A acelerada agenda regressiva do governo de Michel
Temer – que já aprovou a PEC 241/2016 – do teto de gastos – na Câmara, e a PEC
55/2016 – que limita os investimentos nos serviços públicos nos próximos 20
anos – no Senado Federal – agora volta suas baterias para a PEC 287/2016, que
altera as regras da aposentadoria para trabalhadores dos setores público e
privado, já aprovada na Comissão de Constituição e Justiça da Câmara dos
Deputados no final do ano passado.
Formulada com o objetivo de pagar juros da dívida
pública, a política de ajuste fiscal do governo se expressa num ataque aos
direitos da população, agravado com o corte de investimentos nas áreas sociais.

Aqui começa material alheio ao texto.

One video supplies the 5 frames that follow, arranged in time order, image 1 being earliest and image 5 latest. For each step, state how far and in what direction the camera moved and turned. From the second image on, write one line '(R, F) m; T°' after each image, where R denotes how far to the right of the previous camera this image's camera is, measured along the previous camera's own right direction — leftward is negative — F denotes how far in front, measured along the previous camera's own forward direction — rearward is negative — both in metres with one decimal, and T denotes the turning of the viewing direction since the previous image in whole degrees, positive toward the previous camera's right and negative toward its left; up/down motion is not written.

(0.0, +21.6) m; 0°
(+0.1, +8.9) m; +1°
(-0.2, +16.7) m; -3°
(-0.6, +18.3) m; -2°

Com forte apoio do setor empresarial, e generosamente reproduzido pela grande
mídia, o discurso do governo se sustenta em dados manipulados que apontam um
“rombo” nas contas da previdência. E escamoteia o fato de que mesmo os dados
negativos devem-se à sonegação fiscal, à dívida das empresas com o INSS e às
isenções fiscais para as empresas.
Dados da Procuradoria Geral da Fazenda Nacional,
por exemplo, apontam que quase 700 mil empresas devem R$ 301,9 bilhões à
Previdência Social – o suficiente para pagar mais de duas vezes o suposto
déficit da previdência. E poucas dessas empresas – as 10 maiores devedoras –
concentram mais de um terço desse valor.
Mobilização nacional - A Comissão Especial da PEC 287/2016 trabalha com a
perspectiva de votação do texto em primeiro turno no plenário da Câmara dos
Deputados no final de março e a votação em segundo turno no início de abril,
para posterior encaminhamento da matéria ao Senado Federal.

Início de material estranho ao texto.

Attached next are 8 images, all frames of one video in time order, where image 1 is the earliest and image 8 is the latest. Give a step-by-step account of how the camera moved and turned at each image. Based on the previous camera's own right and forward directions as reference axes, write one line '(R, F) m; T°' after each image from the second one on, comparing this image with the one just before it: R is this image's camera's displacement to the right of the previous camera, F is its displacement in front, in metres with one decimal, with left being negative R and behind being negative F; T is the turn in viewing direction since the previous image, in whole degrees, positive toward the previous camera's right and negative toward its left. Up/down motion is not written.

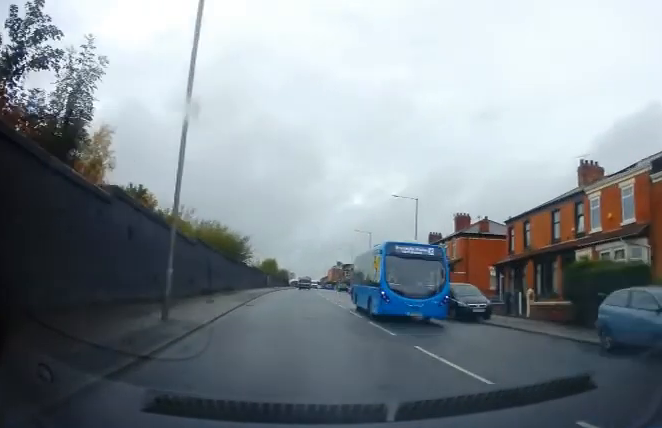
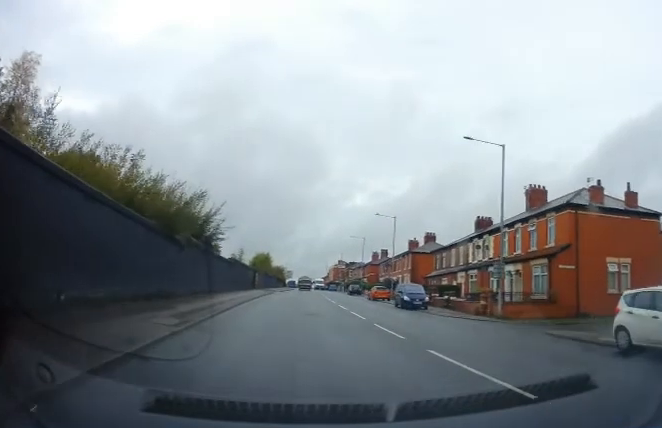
(-0.1, +19.9) m; -2°
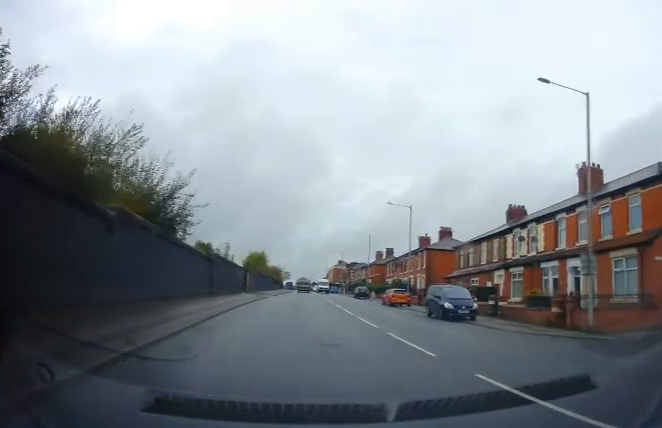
(-0.1, +8.8) m; 0°
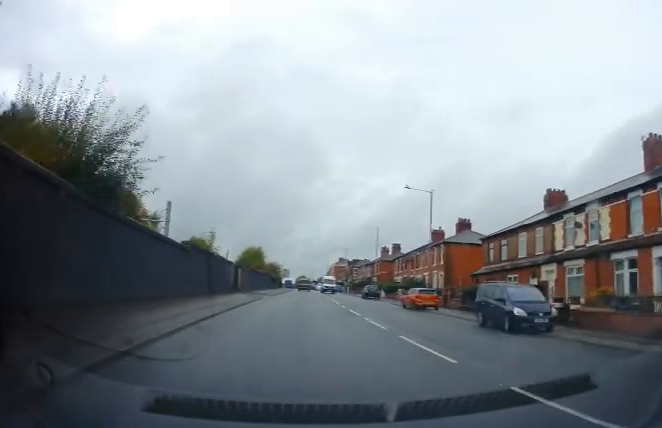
(-0.1, +7.5) m; +1°
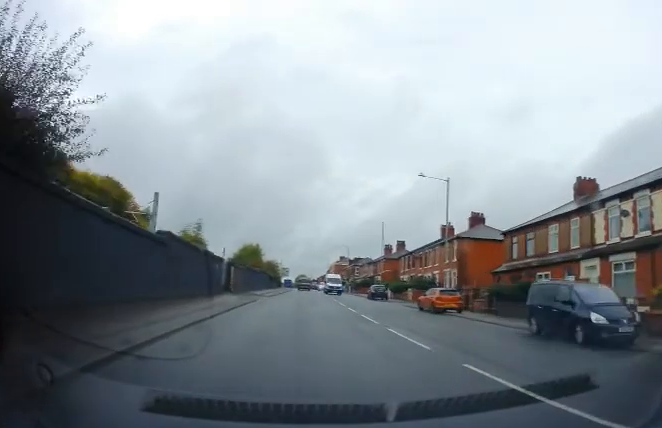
(+0.2, +4.9) m; 0°
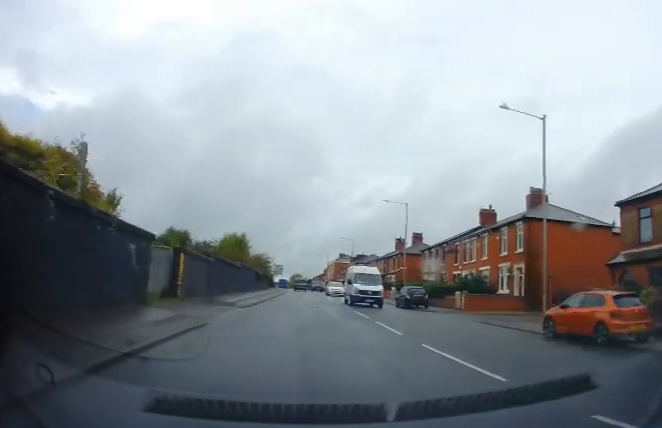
(-0.1, +15.7) m; -1°
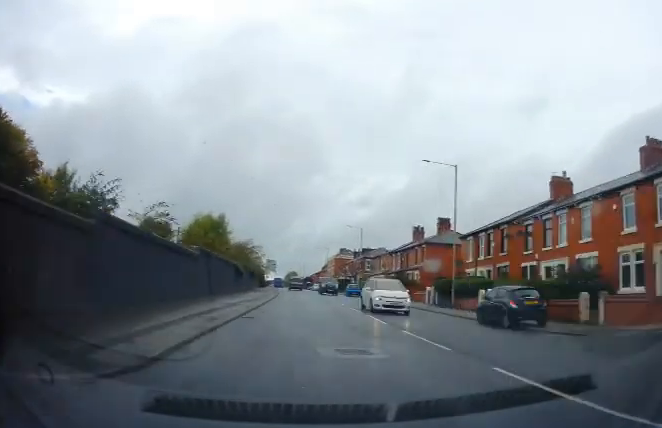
(+0.2, +15.7) m; +3°
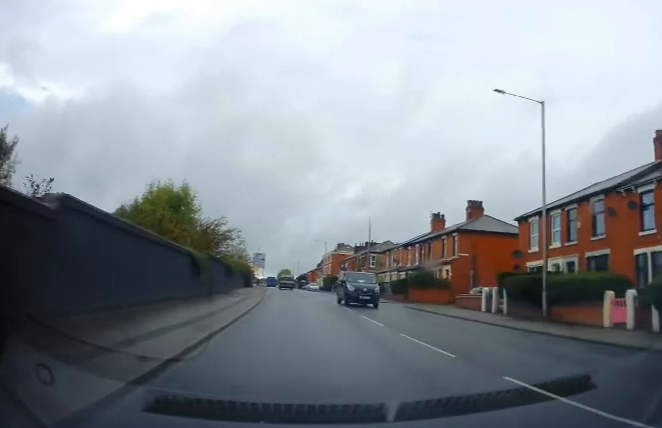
(+0.4, +13.0) m; +1°

Dispostos a barrar esta tentativa de retirada de
direitos da sociedade, entidades e movimentos sociais articulam manifestações
que deverão ocorrer em diversos estados. No dia 11 de fevereiro a Frente Brasil
Popular, que reúne mais de 60 entidades, divulgou uma agenda nacional de
mobilização contra as reformas trabalhista e da Previdência. As primeiras
manifestações serão realizadas no Dia Internacional da Mulher – 8 de março -,
quando estarão em pauta os impactos negativos para as mulheres do campo e da
cidade caso as propostas do governo Temer sejam aprovadas.
Os movimentos sociais retornam às ruas no dia 15 de
março – Dia Nacional de Luta Contra a Reforma da Previdência. Além de
manifestações, para esta data diversas categorias profissionais preparam
paralisações. A principal delas é a Confederação Nacional dos Trabalhadores em
Educação, que convocou uma greve geral contra a reforma da previdência e pelo
cumprimento da lei do Piso salarial nacional da categoria.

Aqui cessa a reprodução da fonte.